> **Task requirements**: The result should be an exact copy of every record, with no pictures kept.

> **Input for this task**:
--

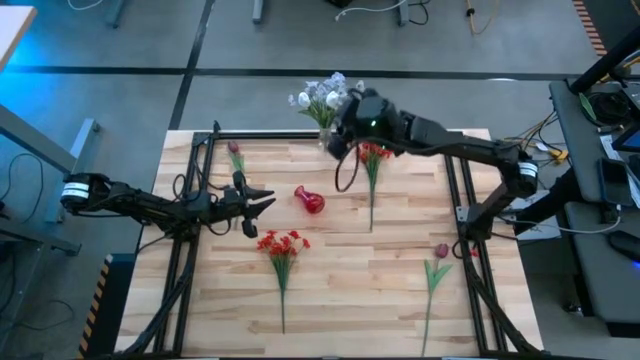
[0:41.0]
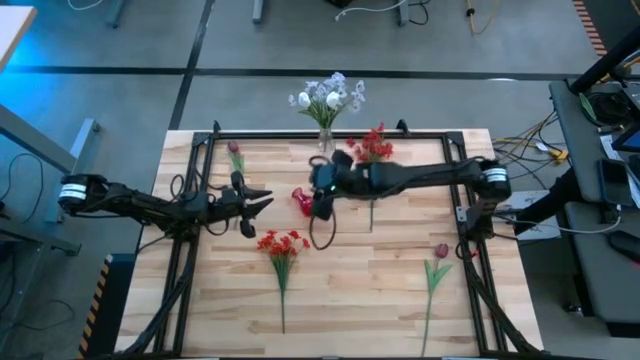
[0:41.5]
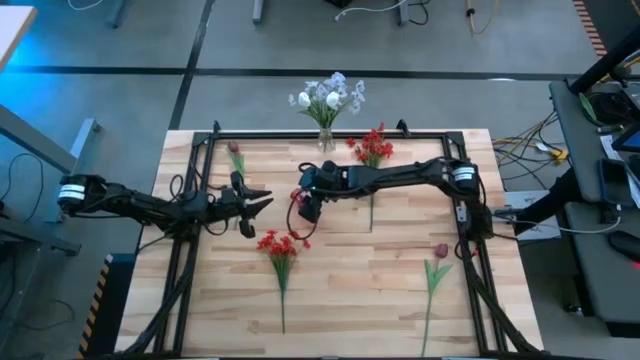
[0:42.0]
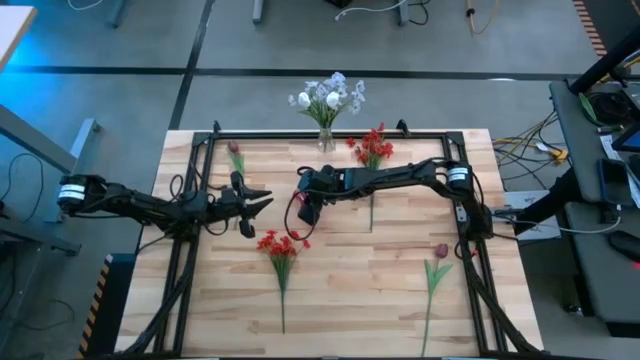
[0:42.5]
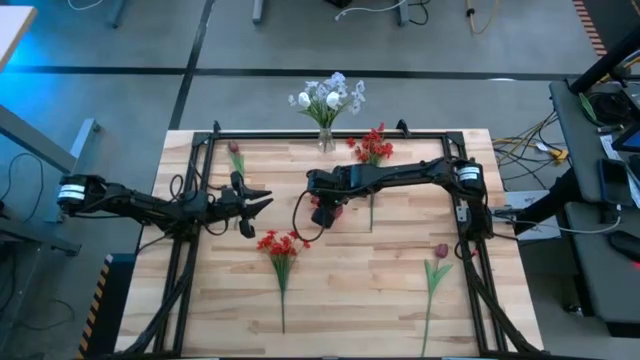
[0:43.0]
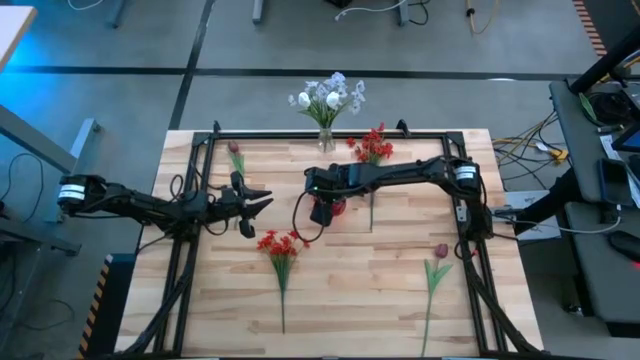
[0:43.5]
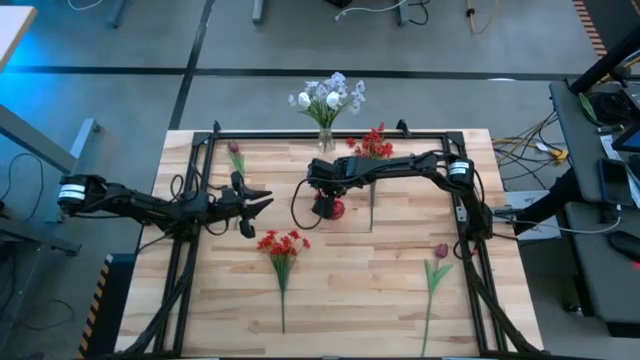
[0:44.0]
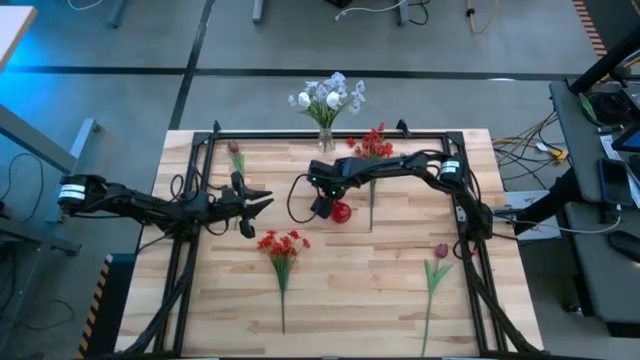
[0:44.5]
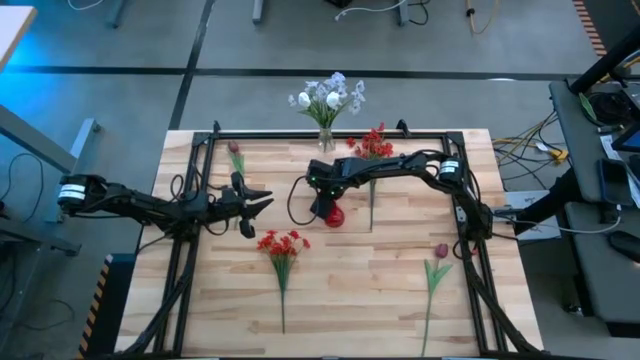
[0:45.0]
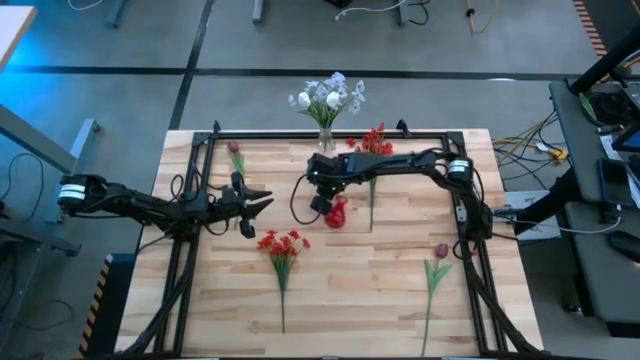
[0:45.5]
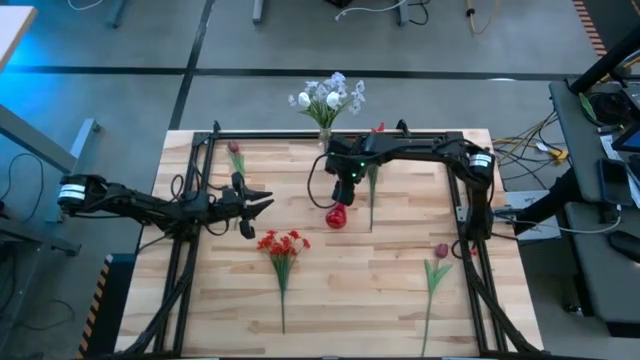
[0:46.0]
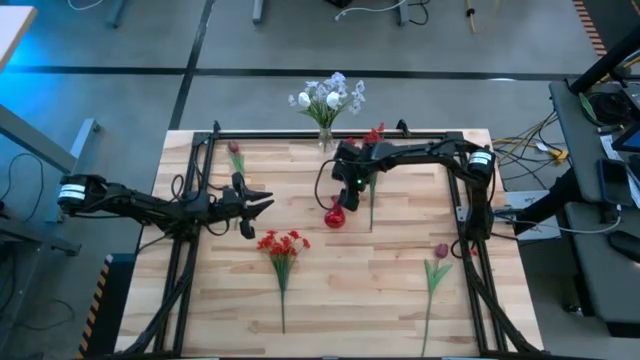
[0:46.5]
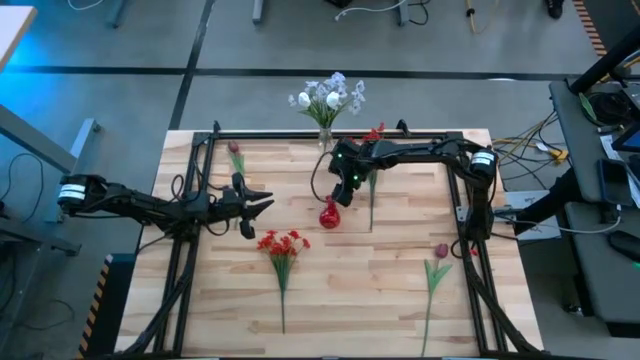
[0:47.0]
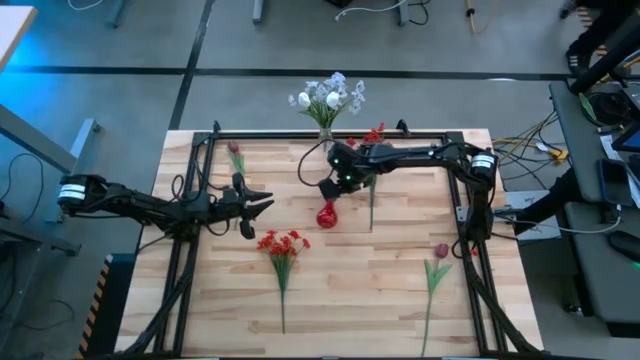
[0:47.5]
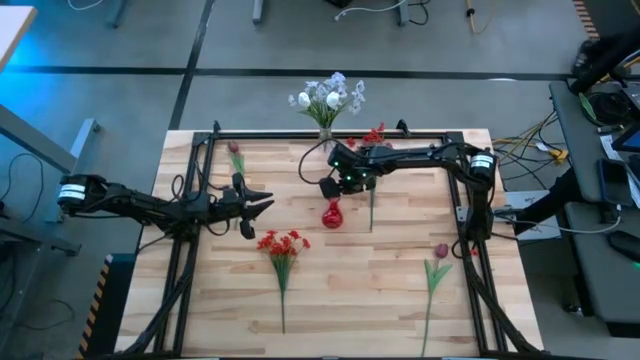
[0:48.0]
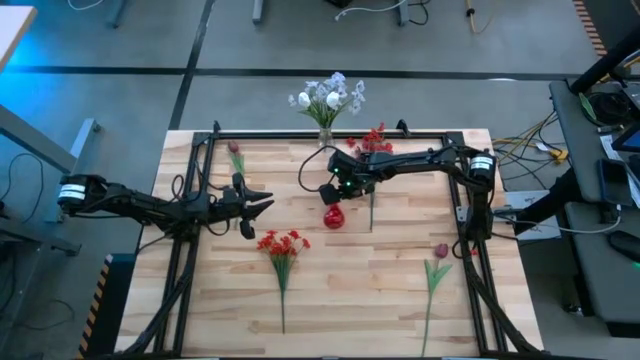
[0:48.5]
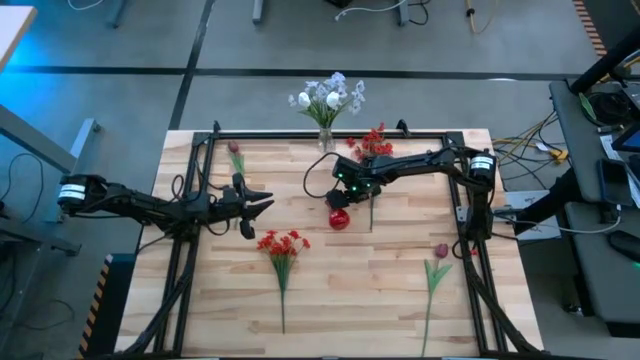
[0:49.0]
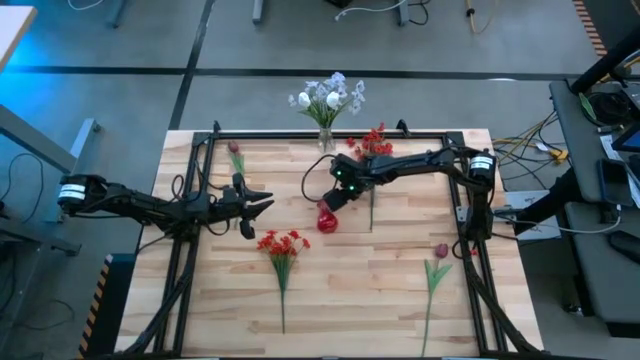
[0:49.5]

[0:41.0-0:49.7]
Adjust the red flower vase

--

> **Answer for this exercise**:
[0:41.0]
[0:41.5]
[0:42.0]
[0:42.5]
[0:43.0]
[0:43.5]
[0:44.0]
[0:44.5]
[0:45.0]
[0:45.5]
[0:46.0]
[0:46.5]
[0:47.0]
[0:47.5]
[0:48.0]
[0:48.5]
[0:49.0]
[0:49.5]

[0:41.0-0:49.7]
Adjust the red flower vase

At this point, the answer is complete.